Define "behave just fine"? The libm versions are both IFUNCs, and the __builtin_
variants get turned into the libm calls:
test.c
:
#include <stdio.h>
int main(int argc, char* argv[]) {
printf("cos(%d) = %f\n", argc, __builtin_cos/*or exp2*//*with or without f*/(argc));
return 0;
}
$ gcc -Os -o test test.c && ./test a b c d e f
/usr/bin/ld: /tmp/ccMb5edj.o: in function `main':
test.c:(.text.startup+0x8): undefined reference to `exp2'
$ gcc -Os -o test test.c && ./test a b c d e f
/usr/bin/ld: /tmp/ccZuKK2S.o: in function `main':
test.c:(.text.startup+0x8): undefined reference to `cos'
$ # same for exp2f/cosf
$ readelf -Wa /usr/lib/libm.so.6 | grep exp2
135: 0000000000050020 46 IFUNC WEAK DEFAULT 16 exp2f32@@GLIBC_2.27
437: 000000000006eb50 197 FUNC WEAK DEFAULT 16 exp2f128@@GLIBC_2.26
889: 0000000000042930 562 FUNC GLOBAL DEFAULT 16 exp2@@GLIBC_2.29
1081: 0000000000050020 46 IFUNC GLOBAL DEFAULT 16 exp2f@@GLIBC_2.27
1090: 0000000000010450 145 FUNC WEAK DEFAULT 16 exp2l@@GLIBC_2.2.5
[plus some noise cut out]
$ readelf -Wa /usr/lib/libm.so.6 | grep cos
70: 0000000000047cb0 46 IFUNC WEAK DEFAULT 16 cosf32@@GLIBC_2.27
167: 0000000000034c90 77 IFUNC WEAK DEFAULT 16 cosf64@@GLIBC_2.27
594: 0000000000034c90 77 IFUNC WEAK DEFAULT 16 cos@@GLIBC_2.2.5
872: 0000000000047cb0 46 IFUNC WEAK DEFAULT 16 cosf@@GLIBC_2.2.5
876: 000000000001ab70 348 FUNC WEAK DEFAULT 16 cosl@@GLIBC_2.2.5
[plus a lot of noise cut out (cosh, acos, etc)]
I suppose exp2
and cosl
are usable on the version I have installed (2.31 from Arch), but exp2f
(and cosf
) seem to be more annoying.
Define "behave just fine"?
Results in plain function calls to "normal" imported functions. Yes, they are IFUNCs, but I don't see any resolve logic injected into our binary for that. Maybe I'm missing something here?

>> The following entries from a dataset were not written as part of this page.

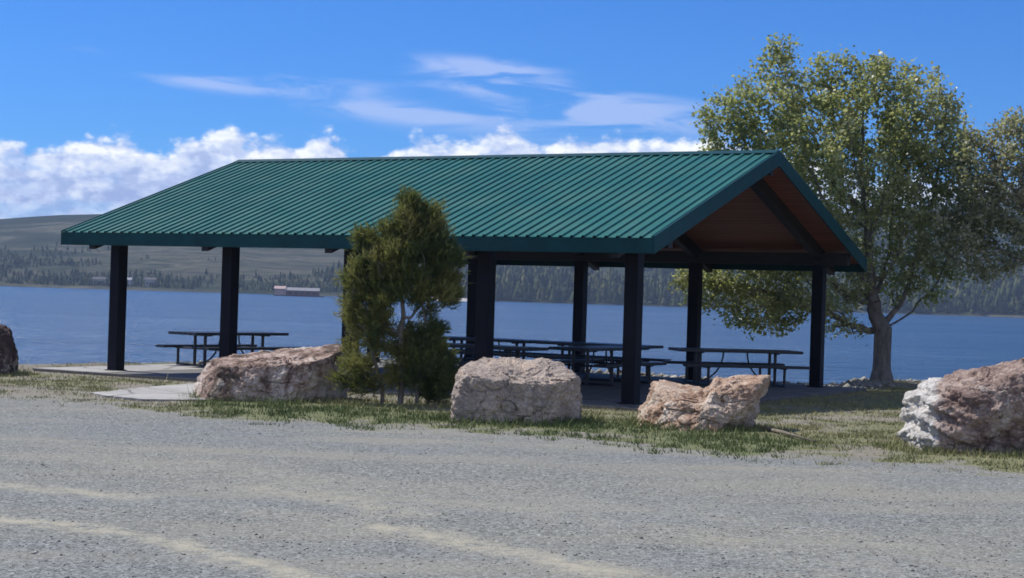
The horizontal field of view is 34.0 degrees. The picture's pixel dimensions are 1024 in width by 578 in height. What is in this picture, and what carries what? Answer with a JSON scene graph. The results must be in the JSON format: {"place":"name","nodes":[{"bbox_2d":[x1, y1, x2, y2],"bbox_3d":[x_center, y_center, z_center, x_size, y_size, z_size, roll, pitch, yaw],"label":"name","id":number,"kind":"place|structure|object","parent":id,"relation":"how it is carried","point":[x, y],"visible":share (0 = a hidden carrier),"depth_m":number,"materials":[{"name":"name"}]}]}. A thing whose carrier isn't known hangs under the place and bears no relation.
{"place":"outdoors","nodes":[
{"label":"outdoors","id":0,"kind":"place"},
{"bbox_2d":[90,383,207,400],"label":"concrete path","id":1,"kind":"structure","parent":0,"point":[163,393],"depth_m":25.58,"materials":[{"name":"grey concrete"}]},
{"bbox_2d":[33,361,866,411],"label":"concrete slab","id":2,"kind":"structure","parent":0,"point":[597,396],"depth_m":31.62,"materials":[{"name":"grey concrete"}]},
{"bbox_2d":[155,331,300,366],"bbox_3d":[-6.030,1.279,35.694,1.686,0.722,2.600,2,0,39],"label":"picnic table","id":3,"kind":"object","parent":2,"relation":"on","point":[205,347],"visible":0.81,"depth_m":35.31,"materials":[{"name":"paint"}]},
{"bbox_2d":[61,150,866,404],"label":"picnic pavilion","id":4,"kind":"structure","parent":2,"relation":"on","point":[635,214],"depth_m":31.40,"materials":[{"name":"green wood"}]},
{"bbox_2d":[446,343,548,368],"bbox_3d":[-0.664,1.426,31.894,2.600,0.722,1.686,2,0,30],"label":"picnic table","id":5,"kind":"object","parent":2,"relation":"on","point":[509,349],"visible":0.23,"depth_m":31.45,"materials":[{"name":"paint"}]},
{"bbox_2d":[439,336,557,368],"bbox_3d":[-0.523,1.455,37.140,2.600,0.722,1.686,2,0,30],"label":"picnic table","id":6,"kind":"object","parent":2,"relation":"on","point":[516,342],"visible":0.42,"depth_m":36.90,"materials":[{"name":"paint"}]},
{"bbox_2d":[527,341,670,379],"bbox_3d":[1.858,1.522,35.766,2.600,0.722,1.686,2,0,30],"label":"picnic table","id":7,"kind":"object","parent":2,"relation":"on","point":[563,356],"visible":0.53,"depth_m":35.68,"materials":[{"name":"paint"}]},
{"bbox_2d":[548,345,666,385],"bbox_3d":[1.735,1.506,33.144,1.686,0.722,2.600,2,0,31],"label":"picnic table","id":8,"kind":"object","parent":2,"relation":"on","point":[602,363],"visible":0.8,"depth_m":32.54,"materials":[{"name":"paint"}]},
{"bbox_2d":[662,347,809,386],"bbox_3d":[4.573,1.599,34.324,2.600,0.722,1.686,2,0,-12],"label":"picnic table","id":9,"kind":"object","parent":2,"relation":"on","point":[708,365],"visible":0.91,"depth_m":34.01,"materials":[{"name":"paint"}]},
{"bbox_2d":[0,360,1023,577],"bbox_3d":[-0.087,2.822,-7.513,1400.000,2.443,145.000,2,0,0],"label":"ground","id":10,"kind":"structure","parent":0,"point":[40,432],"depth_m":14.00,"materials":[{"name":"grey gravel"}]},
{"bbox_2d":[0,324,18,374],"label":"boulder","id":11,"kind":"object","parent":10,"relation":"on","point":[9,358],"visible":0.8,"depth_m":29.75,"materials":[{"name":"stone"}]},
{"bbox_2d":[39,364,204,372],"bbox_3d":[-7.454,1.611,33.836,1.760,0.039,4.240,2,0,30],"label":"slab edge strip","id":12,"kind":"object","parent":10,"relation":"on","point":[133,368],"visible":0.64,"depth_m":33.44,"materials":[{"name":"concrete"}]},
{"bbox_2d":[194,343,347,401],"bbox_3d":[-3.684,1.458,25.296,2.483,1.297,1.600,2,0,-8],"label":"boulder","id":13,"kind":"object","parent":10,"relation":"on","point":[294,372],"visible":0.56,"depth_m":24.90,"materials":[{"name":"brown stone"}]},
{"bbox_2d":[324,184,473,405],"bbox_3d":[-1.678,0.092,24.936,2.293,3.364,1.250,2,0,0],"label":"juniper shrub","id":14,"kind":"object","parent":10,"relation":"on","point":[422,354],"visible":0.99,"depth_m":24.74,"materials":[{"name":"green plant"}]},
{"bbox_2d":[450,357,582,424],"bbox_3d":[0.034,1.540,22.442,1.904,1.238,1.290,2,0,0],"label":"boulder","id":15,"kind":"object","parent":10,"relation":"on","point":[511,388],"visible":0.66,"depth_m":21.97,"materials":[{"name":"beige stone"}]},
{"bbox_2d":[200,358,924,389],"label":"bank cobbles","id":16,"kind":"object","parent":10,"relation":"on","point":[868,383],"visible":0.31,"depth_m":36.44,"materials":[{"name":"stone"}]},
{"bbox_2d":[636,375,771,431],"bbox_3d":[2.482,1.739,22.113,1.872,1.240,1.571,2,0,7],"label":"boulder","id":17,"kind":"object","parent":10,"relation":"on","point":[737,397],"visible":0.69,"depth_m":21.95,"materials":[{"name":"beige stone"}]},
{"bbox_2d":[753,425,815,441],"bbox_3d":[3.462,1.843,21.388,0.063,0.068,2.244,2,0,-12],"label":"fallen branch","id":18,"kind":"object","parent":10,"relation":"on","point":[781,432],"visible":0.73,"depth_m":21.38,"materials":[{"name":"brown wood"}]},
{"bbox_2d":[667,32,987,382],"bbox_3d":[7.105,-1.819,37.450,7.178,7.855,3.872,2,0,0],"label":"broadleaf tree","id":19,"kind":"object","parent":10,"relation":"on","point":[791,124],"visible":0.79,"depth_m":37.05,"materials":[{"name":"green plant"}]},
{"bbox_2d":[896,358,1023,452],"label":"boulder","id":20,"kind":"object","parent":10,"relation":"on","point":[981,408],"visible":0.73,"depth_m":19.49,"materials":[{"name":"beige stone"}]},
{"bbox_2d":[923,105,1023,293],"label":"broadleaf tree","id":21,"kind":"object","parent":10,"relation":"on","point":[975,236],"visible":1,"depth_m":36.03,"materials":[{"name":"green plant"}]},
{"bbox_2d":[0,286,1023,384],"bbox_3d":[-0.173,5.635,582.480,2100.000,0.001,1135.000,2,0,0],"label":"lake","id":22,"kind":"structure","parent":0,"point":[56,325],"depth_m":140.07,"materials":[{"name":"liquid"}]},
{"bbox_2d":[273,286,324,296],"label":"floating boathouse","id":23,"kind":"object","parent":22,"relation":"on","point":[293,291],"visible":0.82,"depth_m":797.41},
{"bbox_2d":[0,357,1023,472],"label":"grass","id":24,"kind":"structure","parent":0,"point":[584,420],"depth_m":22.24,"materials":[{"name":"green plant"}]},
{"bbox_2d":[0,193,1023,317],"bbox_3d":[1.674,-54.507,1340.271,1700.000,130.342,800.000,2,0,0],"label":"hills","id":25,"kind":"structure","parent":0,"point":[21,236],"depth_m":1157.04,"materials":[{"name":"green plant"}]},
{"bbox_2d":[92,277,106,284],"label":"lakeside house","id":26,"kind":"structure","parent":25,"relation":"on","point":[101,279],"depth_m":982.99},
{"bbox_2d":[127,277,132,285],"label":"lakeside house","id":27,"kind":"structure","parent":25,"relation":"on","point":[130,281],"depth_m":984.34,"materials":[{"name":"metal"}]},
{"bbox_2d":[144,277,156,285],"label":"lakeside house","id":28,"kind":"structure","parent":25,"relation":"on","point":[148,280],"depth_m":982.13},
{"bbox_2d":[0,187,1023,313],"bbox_3d":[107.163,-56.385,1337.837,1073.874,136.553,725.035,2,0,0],"label":"woods","id":29,"kind":"object","parent":25,"relation":"on","point":[556,283],"visible":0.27,"depth_m":1003.51,"materials":[{"name":"green plant"}]},
{"bbox_2d":[0,0,1023,218],"label":"sky","id":30,"kind":"structure","parent":0,"point":[106,105],"materials":[{"name":"blue"}]}
]}

I guess with this stuff we can avoid having libm in the import-table altogether, which might be a win in some cases. I'm still not convinced it ends up as a net win in a real-world 64k intro, though; those will probably benefit from an import of libm as they are more likely to actually do some more CPU work. But I guess that depends on the intro.
In normal, non-minified binaries, you indeed don't have to include any extra resolving logic, as ld.so does that for you. However, executable packers for Linux such as smol and dnload both have to deal with IFUNCs, and that code does end up in your final executable, because they circumvent a number of ld.so things in order to avoid having to include a symbol table and symbol names (they're hash-based) in the first place.
OK, that makes a bit of sense. But, it kinda seems like a slippery slope, really. Because this can be the case for pretty much any CRT function you're using, so you might have to replace a lot of functions in the end. It seems like it's better to fix this in the packers to me...
Also, just want to make it clear; I'm not trying to throw doubt at this solution, just having a discussion here. It's probably not a bad idea for WaveSabre to not depend on libm.so at all, which I believe this MR solves.
That's true, which is why smol has an option to enable/disable IFUNC support. If it can be left out, that's a few bytes gained.
And indeed, right now the only external symbols I can see that are being used (in Core) are memcpy
and memset
.
Just want to mention an alternative for cos: I did another attempt at dropping the fpuCos-helper in the past, which you can see here.
In the end it didn't work out, because the resulting code actually got slightly larger. Not sure if that's the case on other compilers, though.
This one should be usable as-is, but maybe the pow functions should be reworked a bit to work with LTO (cf. the cos impl.)
Also, do you want #37 to be included here?rebased on top of that one.